A agência climática americana NOAA declarou o fim da La Niña e confirmou que o Pacífico Equatorial entrou em fase de neutralidade. O anúncio redefine o cenário climático global e abre caminho para a formação de um novo El Niño ainda neste ano.
Segundo o Centro de Previsão Climática (CPC), há 80% de chance de a neutralidade persistir entre abril e junho de 2026. Para o segundo semestre, as projeções apontam 60% de probabilidade de um El Niño se formar entre maio e julho.
Desde o início de 2026, o Pacífico vem passando por uma transição perceptível. As águas mais frias, características da La Niña, perderam intensidade a partir de fevereiro, quando áreas com temperaturas acima da média começaram a surgir no extremo leste do oceano, próximas à costa da América do Sul.
Atualmente, as temperaturas da superfície do mar estão próximas da média histórica, sem os padrões de resfriamento ou aquecimento necessários para caracterizar qualquer um dos dois fenômenos. É o chamado período de neutralidade do ENSO — sigla em inglês para o sistema El Niño-Oscilação Sul.

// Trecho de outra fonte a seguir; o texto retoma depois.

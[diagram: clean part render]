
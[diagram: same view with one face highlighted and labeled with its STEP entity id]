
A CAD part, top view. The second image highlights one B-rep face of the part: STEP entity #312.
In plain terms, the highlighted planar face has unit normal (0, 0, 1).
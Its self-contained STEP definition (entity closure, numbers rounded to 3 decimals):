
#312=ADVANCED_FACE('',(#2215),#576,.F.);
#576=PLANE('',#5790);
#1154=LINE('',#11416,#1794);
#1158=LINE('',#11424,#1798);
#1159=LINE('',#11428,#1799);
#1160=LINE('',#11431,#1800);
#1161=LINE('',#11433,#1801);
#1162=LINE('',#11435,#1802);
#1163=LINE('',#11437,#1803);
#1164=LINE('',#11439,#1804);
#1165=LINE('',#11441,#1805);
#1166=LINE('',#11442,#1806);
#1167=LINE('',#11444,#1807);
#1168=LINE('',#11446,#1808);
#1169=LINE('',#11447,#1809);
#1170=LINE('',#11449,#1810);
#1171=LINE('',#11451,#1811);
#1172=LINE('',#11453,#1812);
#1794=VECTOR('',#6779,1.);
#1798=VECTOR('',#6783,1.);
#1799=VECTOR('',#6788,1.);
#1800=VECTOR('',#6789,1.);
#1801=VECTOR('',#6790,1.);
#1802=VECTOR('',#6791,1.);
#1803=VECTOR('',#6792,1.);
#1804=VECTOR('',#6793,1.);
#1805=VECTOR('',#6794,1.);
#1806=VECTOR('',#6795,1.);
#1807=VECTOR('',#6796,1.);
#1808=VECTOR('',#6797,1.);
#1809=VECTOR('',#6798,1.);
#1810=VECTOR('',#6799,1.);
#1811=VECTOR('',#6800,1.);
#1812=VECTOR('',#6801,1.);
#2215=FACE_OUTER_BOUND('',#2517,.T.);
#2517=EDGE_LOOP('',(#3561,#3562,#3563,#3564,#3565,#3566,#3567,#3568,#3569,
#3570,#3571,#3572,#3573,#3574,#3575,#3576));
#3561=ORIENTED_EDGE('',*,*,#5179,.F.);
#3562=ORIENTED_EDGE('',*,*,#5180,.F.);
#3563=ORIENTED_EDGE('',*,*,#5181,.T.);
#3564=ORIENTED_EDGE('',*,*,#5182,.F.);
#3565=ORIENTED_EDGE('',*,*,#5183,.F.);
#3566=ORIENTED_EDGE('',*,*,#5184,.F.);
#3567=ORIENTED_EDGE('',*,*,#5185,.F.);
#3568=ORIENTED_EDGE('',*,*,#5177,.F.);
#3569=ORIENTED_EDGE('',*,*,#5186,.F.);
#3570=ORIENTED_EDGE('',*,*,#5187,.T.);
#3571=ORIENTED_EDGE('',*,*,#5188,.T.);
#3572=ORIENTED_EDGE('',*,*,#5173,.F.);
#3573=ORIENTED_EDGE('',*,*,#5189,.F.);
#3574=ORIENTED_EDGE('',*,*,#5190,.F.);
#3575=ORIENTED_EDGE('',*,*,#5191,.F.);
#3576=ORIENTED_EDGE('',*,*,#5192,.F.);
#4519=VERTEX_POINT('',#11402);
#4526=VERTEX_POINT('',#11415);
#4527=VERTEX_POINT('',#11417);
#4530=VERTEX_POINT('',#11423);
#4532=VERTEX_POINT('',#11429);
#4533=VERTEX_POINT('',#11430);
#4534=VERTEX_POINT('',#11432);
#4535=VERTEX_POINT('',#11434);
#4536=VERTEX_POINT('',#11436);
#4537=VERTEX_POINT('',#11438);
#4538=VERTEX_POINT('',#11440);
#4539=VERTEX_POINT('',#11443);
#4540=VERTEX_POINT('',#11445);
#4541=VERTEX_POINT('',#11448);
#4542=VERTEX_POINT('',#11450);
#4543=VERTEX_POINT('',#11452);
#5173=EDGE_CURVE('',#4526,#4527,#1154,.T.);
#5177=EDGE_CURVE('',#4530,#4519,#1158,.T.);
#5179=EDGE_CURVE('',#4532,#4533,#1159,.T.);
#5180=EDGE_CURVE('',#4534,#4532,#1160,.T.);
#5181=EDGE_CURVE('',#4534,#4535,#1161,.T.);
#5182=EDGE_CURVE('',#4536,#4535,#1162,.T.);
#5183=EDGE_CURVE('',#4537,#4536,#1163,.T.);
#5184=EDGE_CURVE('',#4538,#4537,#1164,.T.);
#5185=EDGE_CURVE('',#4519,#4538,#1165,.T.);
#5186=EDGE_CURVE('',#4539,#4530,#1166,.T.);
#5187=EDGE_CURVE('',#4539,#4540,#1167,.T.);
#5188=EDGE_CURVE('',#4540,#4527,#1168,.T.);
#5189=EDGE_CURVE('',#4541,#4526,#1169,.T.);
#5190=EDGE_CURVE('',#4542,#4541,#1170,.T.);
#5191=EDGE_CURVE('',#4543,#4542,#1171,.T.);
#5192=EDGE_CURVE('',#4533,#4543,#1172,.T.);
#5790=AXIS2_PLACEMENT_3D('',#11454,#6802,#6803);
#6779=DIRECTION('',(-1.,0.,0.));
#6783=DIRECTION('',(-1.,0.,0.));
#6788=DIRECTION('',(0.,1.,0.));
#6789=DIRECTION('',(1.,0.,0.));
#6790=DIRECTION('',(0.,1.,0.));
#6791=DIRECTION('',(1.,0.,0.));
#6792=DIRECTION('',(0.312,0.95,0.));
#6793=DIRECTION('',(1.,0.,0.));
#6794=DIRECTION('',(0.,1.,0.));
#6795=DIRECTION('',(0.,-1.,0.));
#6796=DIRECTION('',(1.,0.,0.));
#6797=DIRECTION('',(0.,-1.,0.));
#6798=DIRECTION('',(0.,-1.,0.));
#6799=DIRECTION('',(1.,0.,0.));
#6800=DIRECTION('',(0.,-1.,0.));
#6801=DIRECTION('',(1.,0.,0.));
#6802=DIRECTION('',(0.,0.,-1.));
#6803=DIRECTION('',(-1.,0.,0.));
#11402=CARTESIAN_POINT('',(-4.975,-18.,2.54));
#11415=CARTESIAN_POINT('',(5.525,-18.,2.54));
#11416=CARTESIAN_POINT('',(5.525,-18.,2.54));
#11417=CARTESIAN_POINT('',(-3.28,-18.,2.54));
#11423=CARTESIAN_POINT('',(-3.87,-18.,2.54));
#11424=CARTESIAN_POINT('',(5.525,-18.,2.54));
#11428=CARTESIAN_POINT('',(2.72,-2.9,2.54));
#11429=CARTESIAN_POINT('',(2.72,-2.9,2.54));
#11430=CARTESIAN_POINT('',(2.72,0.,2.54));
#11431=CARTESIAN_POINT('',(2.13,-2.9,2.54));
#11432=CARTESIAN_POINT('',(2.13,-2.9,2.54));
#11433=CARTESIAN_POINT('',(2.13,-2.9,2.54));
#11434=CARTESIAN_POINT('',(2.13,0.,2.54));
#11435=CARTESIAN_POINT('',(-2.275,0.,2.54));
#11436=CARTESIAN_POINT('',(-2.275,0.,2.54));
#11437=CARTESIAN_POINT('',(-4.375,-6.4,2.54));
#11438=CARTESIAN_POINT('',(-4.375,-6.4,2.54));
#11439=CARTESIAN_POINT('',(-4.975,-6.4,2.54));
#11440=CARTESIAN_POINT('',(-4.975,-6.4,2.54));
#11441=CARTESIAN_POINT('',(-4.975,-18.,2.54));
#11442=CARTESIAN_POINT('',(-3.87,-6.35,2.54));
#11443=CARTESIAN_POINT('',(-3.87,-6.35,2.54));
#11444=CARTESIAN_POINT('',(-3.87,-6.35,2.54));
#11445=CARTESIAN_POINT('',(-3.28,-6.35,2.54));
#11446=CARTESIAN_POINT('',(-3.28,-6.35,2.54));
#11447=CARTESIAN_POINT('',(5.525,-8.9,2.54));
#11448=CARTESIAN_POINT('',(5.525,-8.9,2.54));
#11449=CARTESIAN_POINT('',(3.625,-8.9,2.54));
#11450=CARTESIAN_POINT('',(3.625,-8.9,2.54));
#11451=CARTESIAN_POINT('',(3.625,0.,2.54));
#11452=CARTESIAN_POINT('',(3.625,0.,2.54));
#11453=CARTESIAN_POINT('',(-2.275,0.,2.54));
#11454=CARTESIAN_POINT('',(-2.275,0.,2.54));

Aquecimento abaixo da superfície já é detectado
Mesmo sem a confirmação oficial de um novo El Niño, sinais abaixo da superfície do oceano já indicam aquecimento progressivo — exatamente o padrão que costuma anteceder episódios do fenômeno. Os ventos, temperaturas e precipitações no Pacífico ainda não estão organizados para caracterizar El Niño, mas a tendência de aquecimento é consistente com os modelos históricos de transição.
Se o fenômeno se confirmar no segundo semestre, sua intensidade ainda é uma incógnita. As simulações climáticas indicam que, entre o fim de 2026 e o início de 2027, há cerca de 25% de chance para cada um dos cenários: El Niño moderado, forte ou muito forte. A probabilidade de o Pacífico continuar neutro nesse período é considerada baixa pelos modelos.
O que muda para o Brasil
Historicamente, o El Niño altera o regime de chuvas e temperaturas no território brasileiro. Um dos principais efeitos esperados é o aumento de períodos prolongados de calor, especialmente na primavera e no verão. O Nordeste tende a enfrentar condições mais secas, enquanto o Sul pode registrar excesso de precipitação.
Com os oceanos já mais quentes do que a média histórica — como alertou a OMM em relatório que apontou a última década como a mais quente já registrada —, a formação de um El Niño intenso em 2026 pode ter efeitos mais severos do que em ciclos anteriores.
Cientistas reforçam que, independentemente da alternância entre La Niña, neutralidade e El Niño, o aquecimento global segue sendo o principal vetor das transformações climáticas em curso. Com os oceanos acima da média histórica, a expectativa é de que os próximos meses continuem registrando temperaturas elevadas em diversas regiões do planeta.